Records drawn from a dataset:
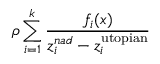
\rho \sum _ { i = 1 } ^ { k } { \frac { f _ { i } ( x ) } { z _ { i } ^ { n a d } - z _ { i } ^ { \mathrm { u t o p i a n } } } }
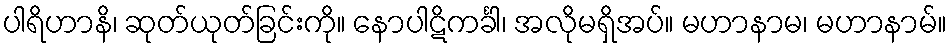
ပါရိဟာနိ၊ ဆုတ်ယုတ်ခြင်းကို။ နောပါဋိကင်္ခါ၊ အလိုမရှိအပ်။ မဟာနာမ၊ မဟာနာမ်။
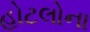
હોટલોના
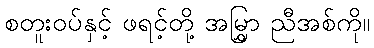
စတူးဝပ်နှင့် ဖရင့်တို့ အမြွှာ ညီအစ်ကို။
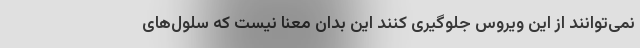
نمی‌توانند از این ویروس جلوگیری کنند این بدان معنا نیست که سلول‌های
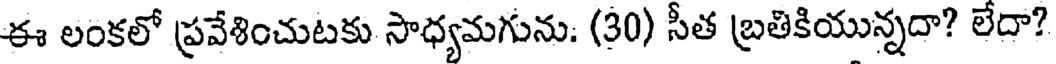
ఈ లంకలో ప్రవేశించుటకు సాధ్యమగును. (30) సీత బ్రతికియున్నదా? లేదా?
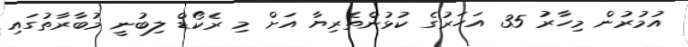
އުމުރުން މިހާރު 35 އަހަރުގެ ކުޅުންތެރިޔާ އަށް މި ރެކޯޑް ލިބުނީ މުބާރާތުގައި
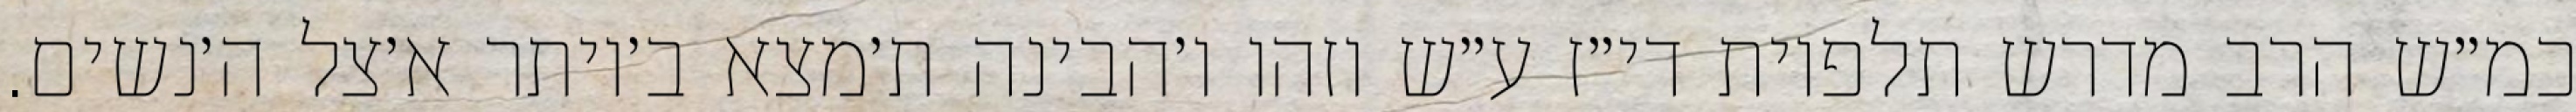
כמ״ש הרב מדרש תלפיות די״ז ע״ש וזהו ו׳הבינה ת׳מצא ב׳יותר א׳צל ה׳נשים.
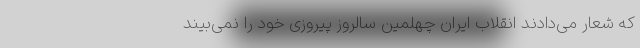
که شعار می‌دادند انقلاب ایران چهلمین سالروز پیروزی خود را نمی‌بیند
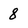
Character: 8
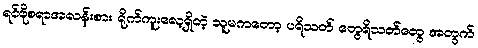
ရင်ဖိုစရာအလန်းစား ရိုက်ကူးလေ့ရှိတဲ့ သူမကတော့ ပရိသတ် တွေရိသတ်တွေ အတွက်
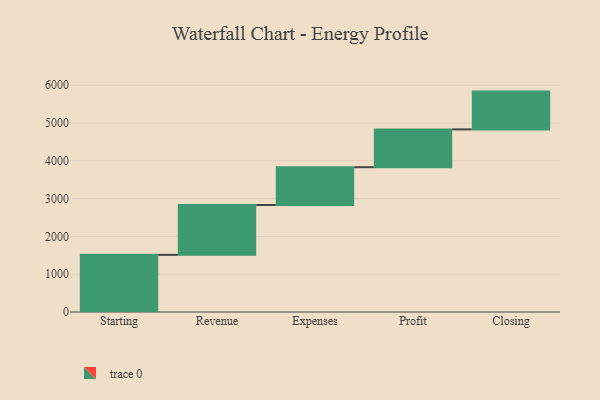
{"axis": {"x": "Step", "y": "Value"}, "legend": [""], "data": [{"x": "Starting", "y": 1512.0, "type": ""}, {"x": "Revenue", "y": 1319.0, "type": ""}, {"x": "Expenses", "y": 1000, "type": ""}, {"x": "Profit", "y": 1000, "type": ""}, {"x": "Closing", "y": 1000, "type": ""}]}
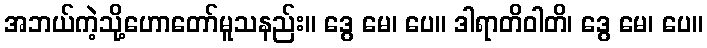
အဘယ်ကဲ့သို့ဟောတော်မူသနည်း။ ဒွေ မေ၊ ပေ။ ဒါရာတိဝါတိ၊ ဒွေ မေ၊ ပေ။
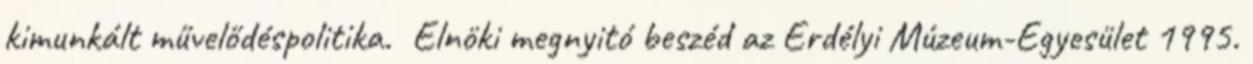
kimunkált művelődéspolitika. Elnöki megnyitó beszéd az Erdélyi Múzeum-Egyesület 1995.
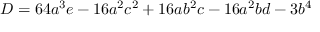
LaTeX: D = 6 4 a ^ { 3 } e - 1 6 a ^ { 2 } c ^ { 2 } + 1 6 a b ^ { 2 } c - 1 6 a ^ { 2 } b d - 3 b ^ { 4 }
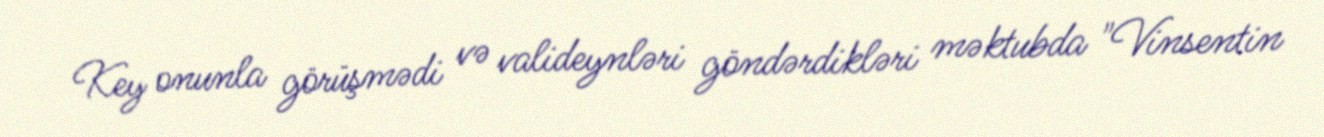
Key onunla görüşmədi və valideynləri göndərdikləri məktubda "Vinsentin
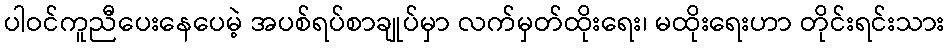
ပါဝင်ကူညီပေးနေပေမဲ့ အပစ်ရပ်စာချုပ်မှာ လက်မှတ်ထိုးရေး၊ မထိုးရေးဟာ တိုင်းရင်းသား
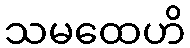
သမထေဟိ
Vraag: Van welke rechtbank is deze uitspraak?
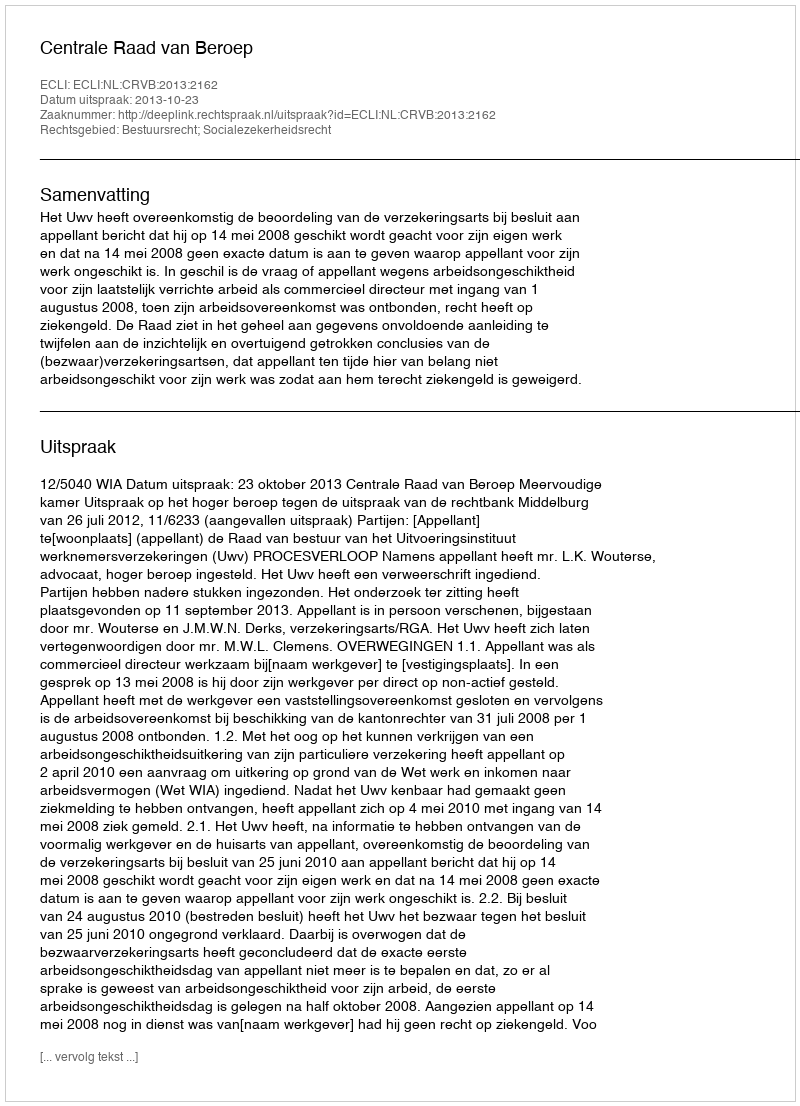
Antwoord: Centrale Raad van Beroep
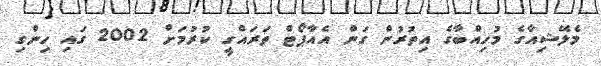
މެލޭޝިއާގެ މުހިއްބާގެ އިތުރުން ގަން އެއާޕޯޓް ތަރައްގީ ކުރުމަށް 2002 ގައި ހިންގި
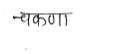
मजकूर: चकणा
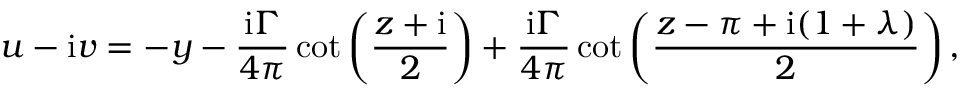
u - \mathrm { i } v = - y - { \frac { \mathrm { i } \Gamma } { 4 \pi } } \cot \left( { \frac { z + \mathrm { i } } { 2 } } \right) + { \frac { \mathrm { i } \Gamma } { 4 \pi } } \cot \left( { \frac { z - \pi + \mathrm { i } ( 1 + \lambda ) } { 2 } } \right) ,
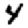
Digit: 4
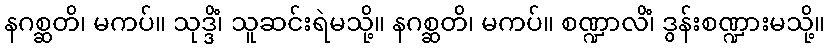
နဂစ္ဆတိ၊ မကပ်။ သုဒ္ဒိံ၊ သူဆင်းရဲမသို့။ နဂစ္ဆတိ၊ မကပ်။ စဏ္ဍာလိံ၊ ဒွန်းစဏ္ဍားမသို့။
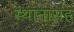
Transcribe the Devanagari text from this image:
स्थानासह
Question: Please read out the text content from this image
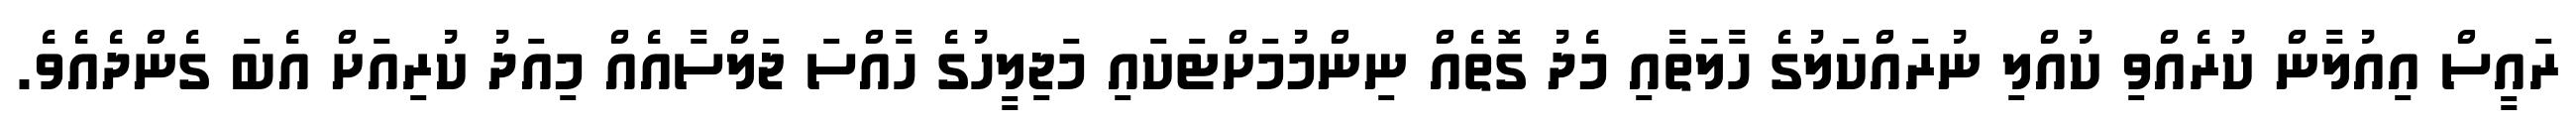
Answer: ރައީސް އިއުލާން ކުރެއްވި ކުއްލި ނުރައްކަލުގެ ހާލަތާއި މެދު ގޮތެއް ނިންމުމަށްޓަކައި މަޖިލީހުގެ ހާއްސަ ޖަލްސާއެއް މިއަދު ކުރިއަށް އެބަ ގެންދެއެވެ.
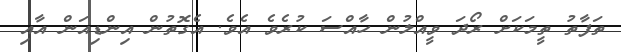
ތަފާތު ތީމަކަށް ރޯދަ ވީއްލުން ހާއްސަ ކުރެވެ އެވެ. އެގޮތުން އިންޑިއަން އާއި
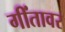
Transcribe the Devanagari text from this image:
गींतावर
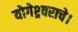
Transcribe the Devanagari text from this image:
योगेश्र्वराचे।
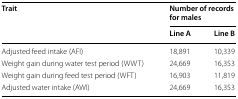
| <ROWSPAN=2> Trait | <COLSPAN=2> Number of records for males |
 | Line A | Line B |
 | --- | --- | --- |
 | Adjusted feed intake (AFI) | 18,891 | 10,339 |
 | Weight gain during water test period (WWT) | 24,669 | 16,353 |
 | Weight gain during feed test period (WFT) | 16,903 | 11,819 |
 | Adjusted water intake (AWI) | 24,669 | 16,353 |
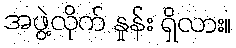
အဖွဲ့လိုက် နှုန်း ရှိလား။
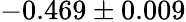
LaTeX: -0.469\pm 0.009
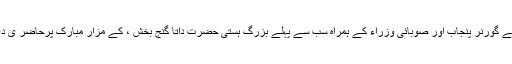
لاہور آمد کے بعد صدر مملکت نے گورنر پنجاب اور صوبائی وزراء کے ہمراہ سب سے پہلے بزرگ ہستی حضرت داتا گنج بخش ، کے مزار مبارک پرحاضر ی دی اور پھولوں کی چادر چڑھائی ۔
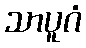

What you will do:
For this exercise, return exactly the lines above from the line with "Antwoord: Centrale Raad van Beroep" through the line with "အဖွဲ့လိုက် နှုန်း ရှိလား။", both included. Do not copy the pictures.

Solution to the exercise:
Antwoord: Centrale Raad van Beroep
މެލޭޝިއާގެ މުހިއްބާގެ އިތުރުން ގަން އެއާޕޯޓް ތަރައްގީ ކުރުމަށް 2002 ގައި ހިންގި
मजकूर: चकणा
u - \mathrm { i } v = - y - { \frac { \mathrm { i } \Gamma } { 4 \pi } } \cot \left( { \frac { z + \mathrm { i } } { 2 } } \right) + { \frac { \mathrm { i } \Gamma } { 4 \pi } } \cot \left( { \frac { z - \pi + \mathrm { i } ( 1 + \lambda ) } { 2 } } \right) ,
Digit: 4
နဂစ္ဆတိ၊ မကပ်။ သုဒ္ဒိံ၊ သူဆင်းရဲမသို့။ နဂစ္ဆတိ၊ မကပ်။ စဏ္ဍာလိံ၊ ဒွန်းစဏ္ဍားမသို့။
Transcribe the Devanagari text from this image:
स्थानासह
Question: Please read out the text content from this image
Answer: ރައީސް އިއުލާން ކުރެއްވި ކުއްލި ނުރައްކަލުގެ ހާލަތާއި މެދު ގޮތެއް ނިންމުމަށްޓަކައި މަޖިލީހުގެ ހާއްސަ ޖަލްސާއެއް މިއަދު ކުރިއަށް އެބަ ގެންދެއެވެ.
ތަފާތު ތީމަކަށް ރޯދަ ވީއްލުން ހާއްސަ ކުރެވެ އެވެ. އެގޮތުން އިންޑިއަން އާއި
Transcribe the Devanagari text from this image:
गींतावर
Transcribe the Devanagari text from this image:
योगेश्र्वराचे।
| <ROWSPAN=2> Trait | <COLSPAN=2> Number of records for males |
 | Line A | Line B |
 | --- | --- | --- |
 | Adjusted feed intake (AFI) | 18,891 | 10,339 |
 | Weight gain during water test period (WWT) | 24,669 | 16,353 |
 | Weight gain during feed test period (WFT) | 16,903 | 11,819 |
 | Adjusted water intake (AWI) | 24,669 | 16,353 |
အဖွဲ့လိုက် နှုန်း ရှိလား။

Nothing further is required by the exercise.